Kate finished a tin of paint with a feeling of satisfaction for a job well done and called it a day. She soaked in scented hot water later with a heartfelt sigh of pleasure. Another wall had been painted and she’d taken it in her stride when Jack Logan drove off instead of calling in to see her. Her shrug rippled the water. No point in getting uptight. Casual sightings could be a fact of life from now on. She could run into Jack anywhere and any time. It was not a problem.
Anna rang later while Kate was getting dressed. ‘Hi. How’s it going?’
Kate reported on her painting progress, but Anna brushed that aside.
‘How are you, really?’
‘A bit tired, but I’ve had a long, lazy bath—’
‘I meant after meeting the old flame!’
‘Fine. Why shouldn’t I be?’
‘Not even a little bit singed round the edges?’
‘Not in the slightest.’
‘Thank goodness,’ said Anna, relieved. ‘Sleep well.’
Kate dried her hair, left it loose on her shoulders and took some coffee upstairs to the study at present doubling as both workplace and sitting room until her decorating was finished. She drew the curtains, switched on lamps and, with a sigh of satisfaction, curled up in the armchair to read the rest of the Sunday papers before supper. She frowned in surprise when the doorbell rang shortly afterwards. She got up to peer down from the window and saw a long, sleek car parked at the kerb and an all too familiar male figure standing under her exterior light. She went downstairs, fixed a polite smile on her face and opened the door to Jack Logan.

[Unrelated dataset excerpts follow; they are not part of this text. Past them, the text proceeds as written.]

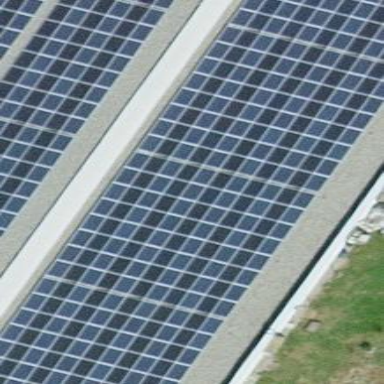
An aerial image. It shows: Solar photovoltaic panel generator.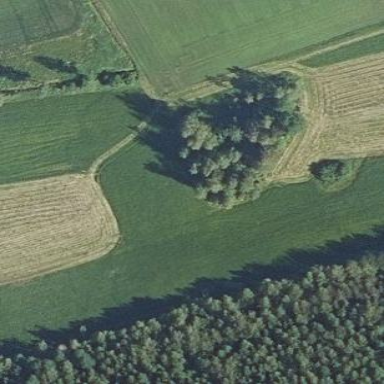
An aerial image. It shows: Beautiful woodland area.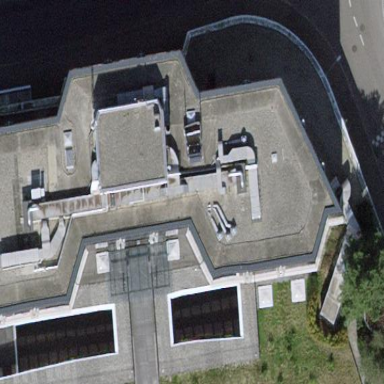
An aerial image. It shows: Office building.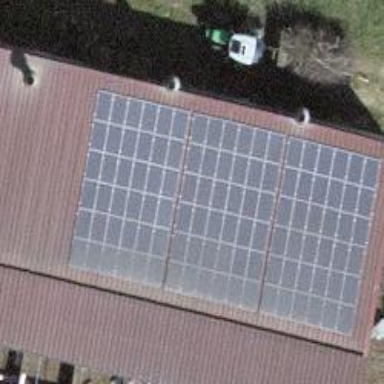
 consisting of solar photovoltaic panels."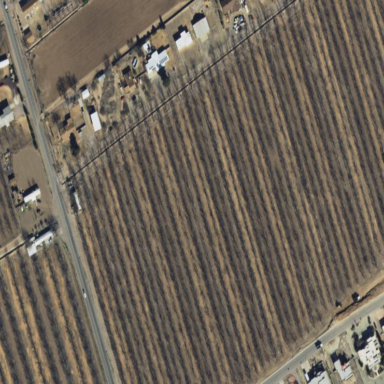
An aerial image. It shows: Orchard.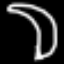
Label: leaf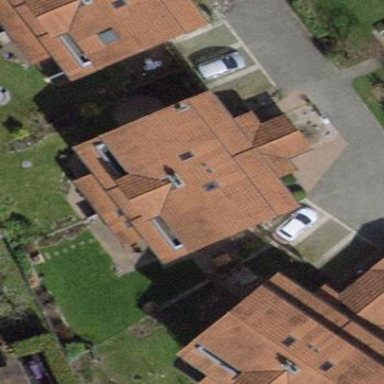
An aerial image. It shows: Terrace building with gabled roof.
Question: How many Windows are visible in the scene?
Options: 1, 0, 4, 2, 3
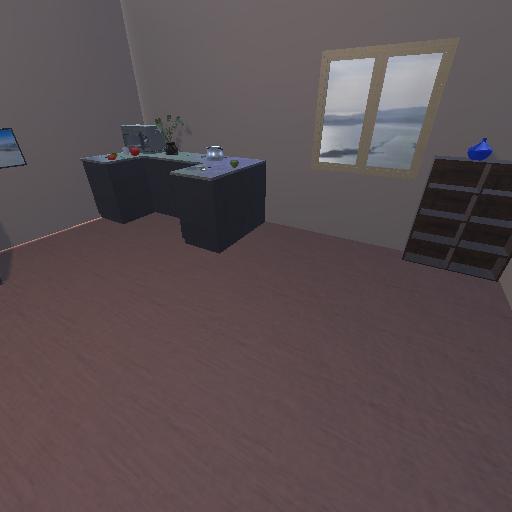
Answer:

Her visitor loomed tall on her doorstep, looking very different from the night before in a battered leather windbreaker and jeans. He smiled, raking a hand through hair ruffled by the wind blowing along the street from the lake. ‘Hello, Kate. I took a chance on finding you at home. May I come in?’
‘Of course.’ She led him along the hall to the kitchen and pulled out one of the kitchen chairs. ‘Nowhere else to receive visitors yet, I’m afraid. Would you like coffee, or a drink?’
‘Coffee would be good. Thank you.’ Jack leaned against the counter, his eyes on the fall of burnished hair as he watched Kate get to work. ‘I went for a run in the park with the dog this morning, intending to call on you afterwards, but Bran and I were so wet I decided against it.’
This information won him a warmer smile. ‘Have you had the dog long?’